-- Data records follows --

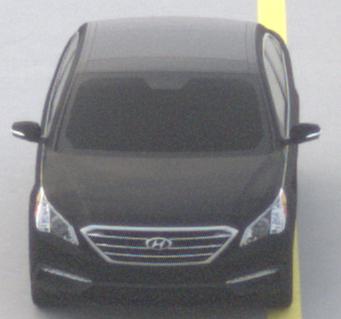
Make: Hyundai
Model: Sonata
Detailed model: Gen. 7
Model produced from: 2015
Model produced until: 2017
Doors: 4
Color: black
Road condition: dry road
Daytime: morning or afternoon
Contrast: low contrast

-- Data records concluded --
-- Data records follows --

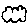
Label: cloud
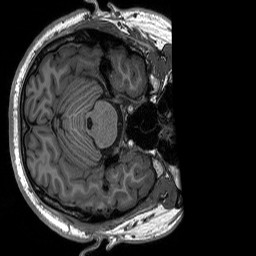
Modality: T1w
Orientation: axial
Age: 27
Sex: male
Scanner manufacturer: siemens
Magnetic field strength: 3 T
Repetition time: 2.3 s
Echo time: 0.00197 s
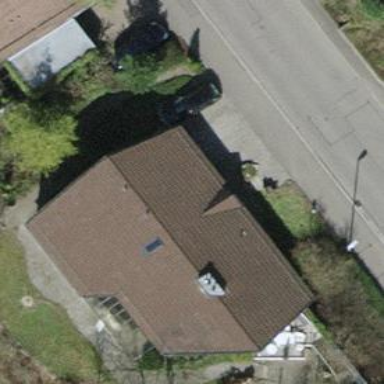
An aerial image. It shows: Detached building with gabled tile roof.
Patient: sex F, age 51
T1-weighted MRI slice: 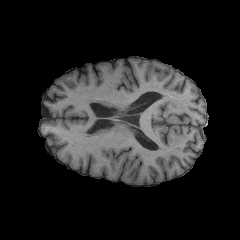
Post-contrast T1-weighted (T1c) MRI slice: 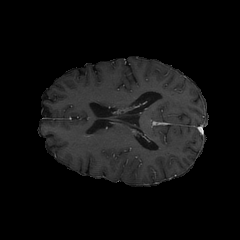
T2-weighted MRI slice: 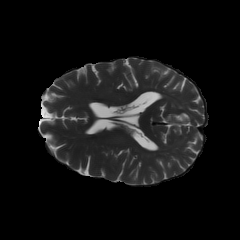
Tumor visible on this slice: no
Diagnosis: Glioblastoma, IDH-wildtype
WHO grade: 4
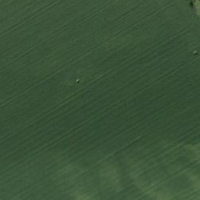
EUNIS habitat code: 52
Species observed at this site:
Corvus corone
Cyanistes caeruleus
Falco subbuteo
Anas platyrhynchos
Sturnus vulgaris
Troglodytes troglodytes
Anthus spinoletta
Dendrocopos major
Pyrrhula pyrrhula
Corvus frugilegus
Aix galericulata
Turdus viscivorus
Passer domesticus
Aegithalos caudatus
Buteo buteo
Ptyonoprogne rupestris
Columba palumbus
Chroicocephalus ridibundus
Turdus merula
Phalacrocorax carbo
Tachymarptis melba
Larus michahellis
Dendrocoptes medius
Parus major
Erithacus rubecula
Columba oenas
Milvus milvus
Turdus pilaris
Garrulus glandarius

-- Data records concluded --
-- Data records follows --

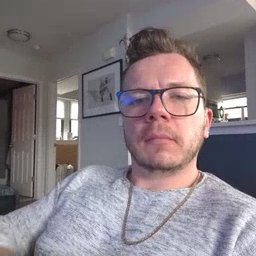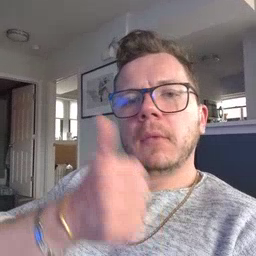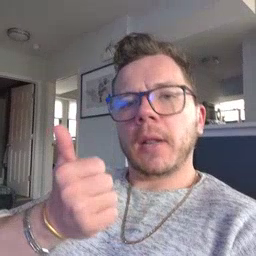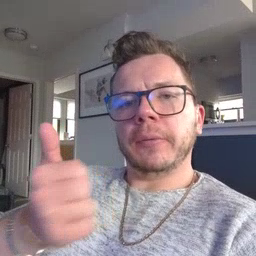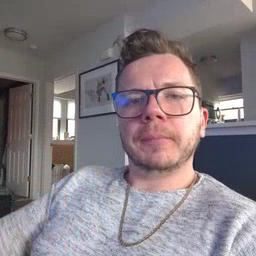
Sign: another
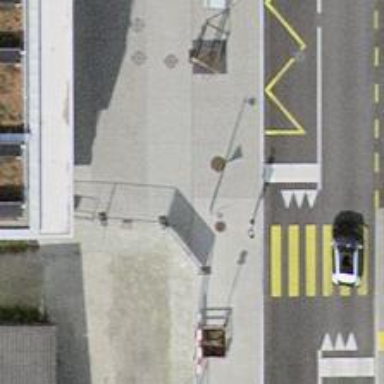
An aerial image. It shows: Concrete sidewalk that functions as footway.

-- Data records concluded --

> **Work order**
Look above for the line containing "Scanner manufacturer: siemens" and the line containing "Diagnosis: Glioblastoma, IDH-wildtype", then reproduce both and everything between them exactly, pictures omitted.

> **Answer to this task**
Scanner manufacturer: siemens
Magnetic field strength: 3 T
Repetition time: 2.3 s
Echo time: 0.00197 s
An aerial image. It shows: Detached building with gabled tile roof.
Patient: sex F, age 51
T1-weighted MRI slice: 
Post-contrast T1-weighted (T1c) MRI slice: 
T2-weighted MRI slice: 
Tumor visible on this slice: no
Diagnosis: Glioblastoma, IDH-wildtype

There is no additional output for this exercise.